Theoretical Foundations of Efficient and Scalable Graph Learning
Auditorium between Building 2 - 3, L0 R0215
This talk addresses key challenges in graph neural networks (GNNs), including expressive power and model depth, by theoretically analyzing and providing solutions in three areas: universal approximation of linear program properties, strong expressive power of subgraph GNNs on graphs with bounded cycles, and the role of residual connections in mitigating oversmoothing and enabling deeper models.
Overview
Graph neural networks (GNNs) have achieved remarkable empirical success in processing and representing graph-structured data across diverse fields. However, fundamental challenges remain, including limitations in expressive power and model depth.
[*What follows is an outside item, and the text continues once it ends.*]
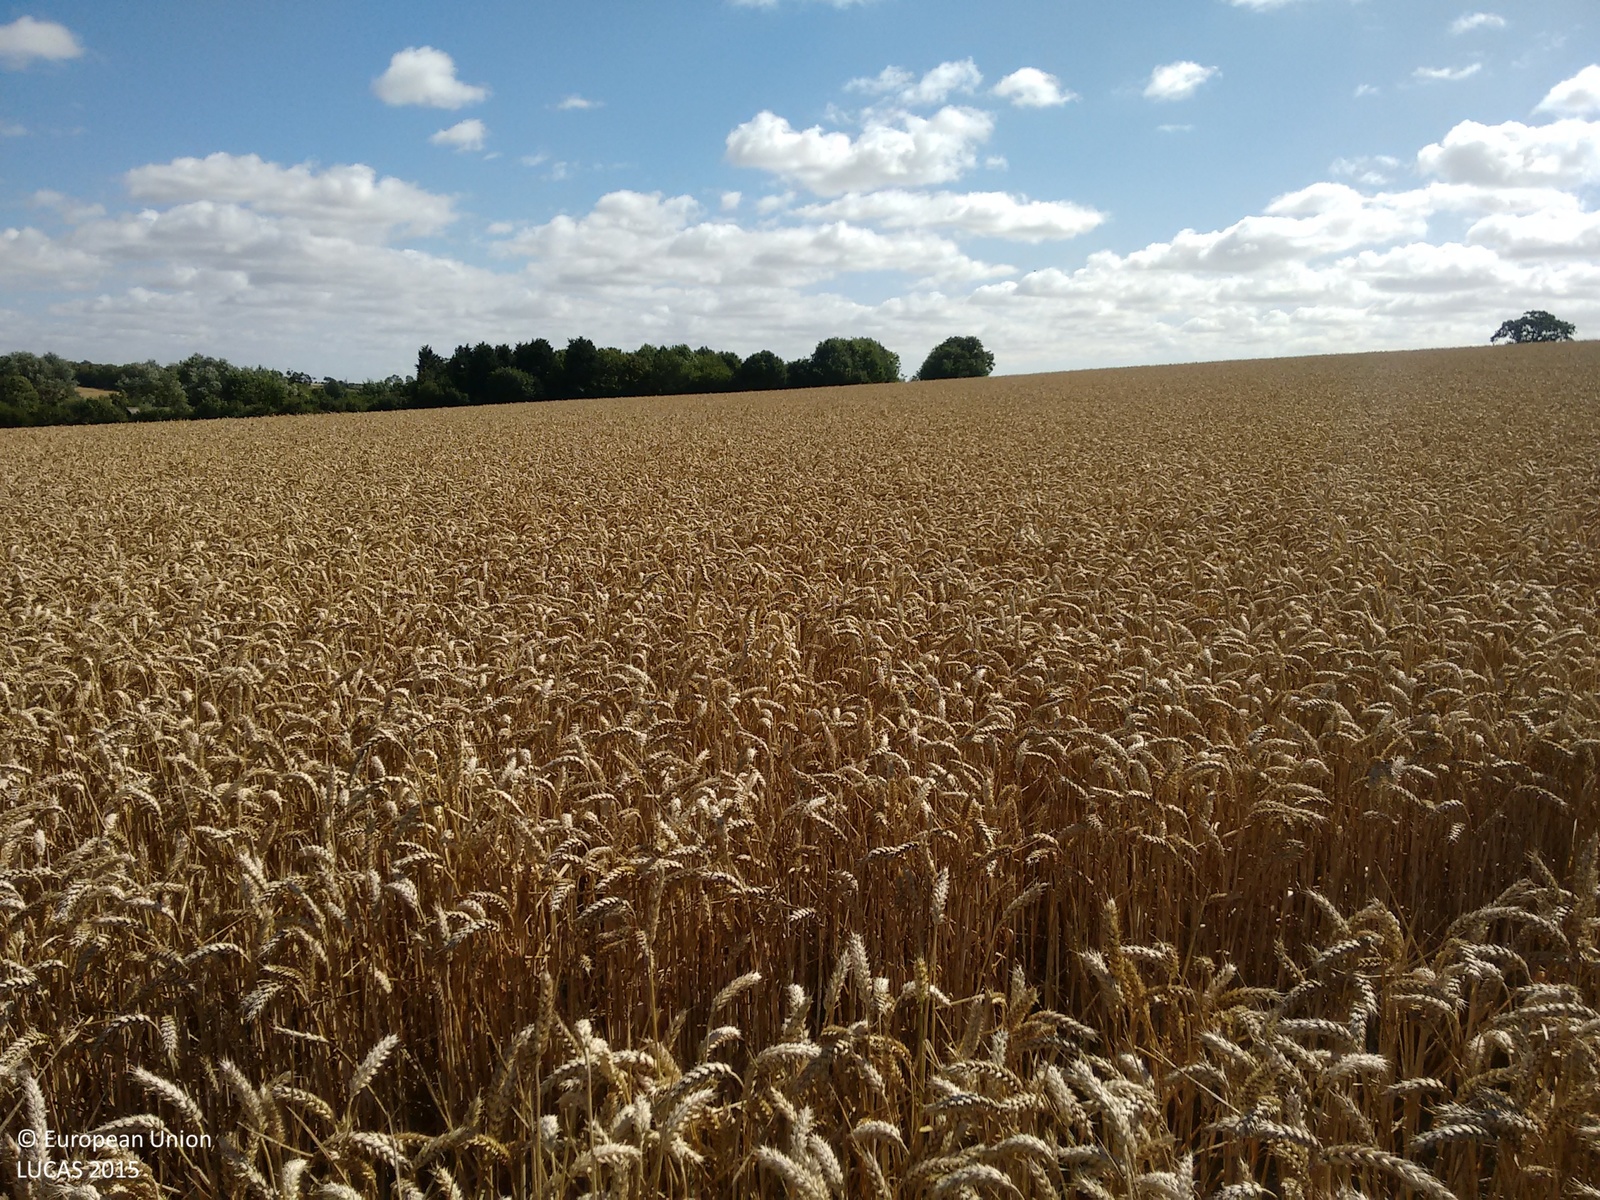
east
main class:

This talk addresses these challenges through rigorous analysis and efficient solutions across three key areas of graph learning. First, we establish that message-passing GNNs and their variants can universally approximate certain critical properties of (mixed-integer) linear programs. Second, we demonstrate that subgraph GNNs exhibit strong expressive power on graphs with bounded cycles. Third, we show that residual connections provably mitigate the oversmoothing issue and enable greater model depth. These results not only advance the theoretical understanding of GNNs but also provide practical insights for real-world applications.
Presenters
Dr. Ziang Chen, Instructor, Applied Mathematics, MIT, USA
Brief Biography
Ziang Chen is an Instructor in Applied Mathematics at the Massachusetts Institute of Technology. He earned his Ph.D. in Mathematics from Duke University in 2023 under the supervision of Jianfeng Lu, along with an M.S. in Computer Science. He previously obtained an M.S. in Applied Mathematics from Harvard University in 2020, as well as a B.S. in Computational Mathematics and a B.L. in Chinese Language and Literature from Peking University in 2019. His research lies at the intersection of applied mathematics, machine learning, and scientific computing, with multiple publications in top-tier applied mathematics journals and machine learning conferences. His work has been recognized with the ICCM Graduate Thesis Award and a nomination for the Rudin Prize.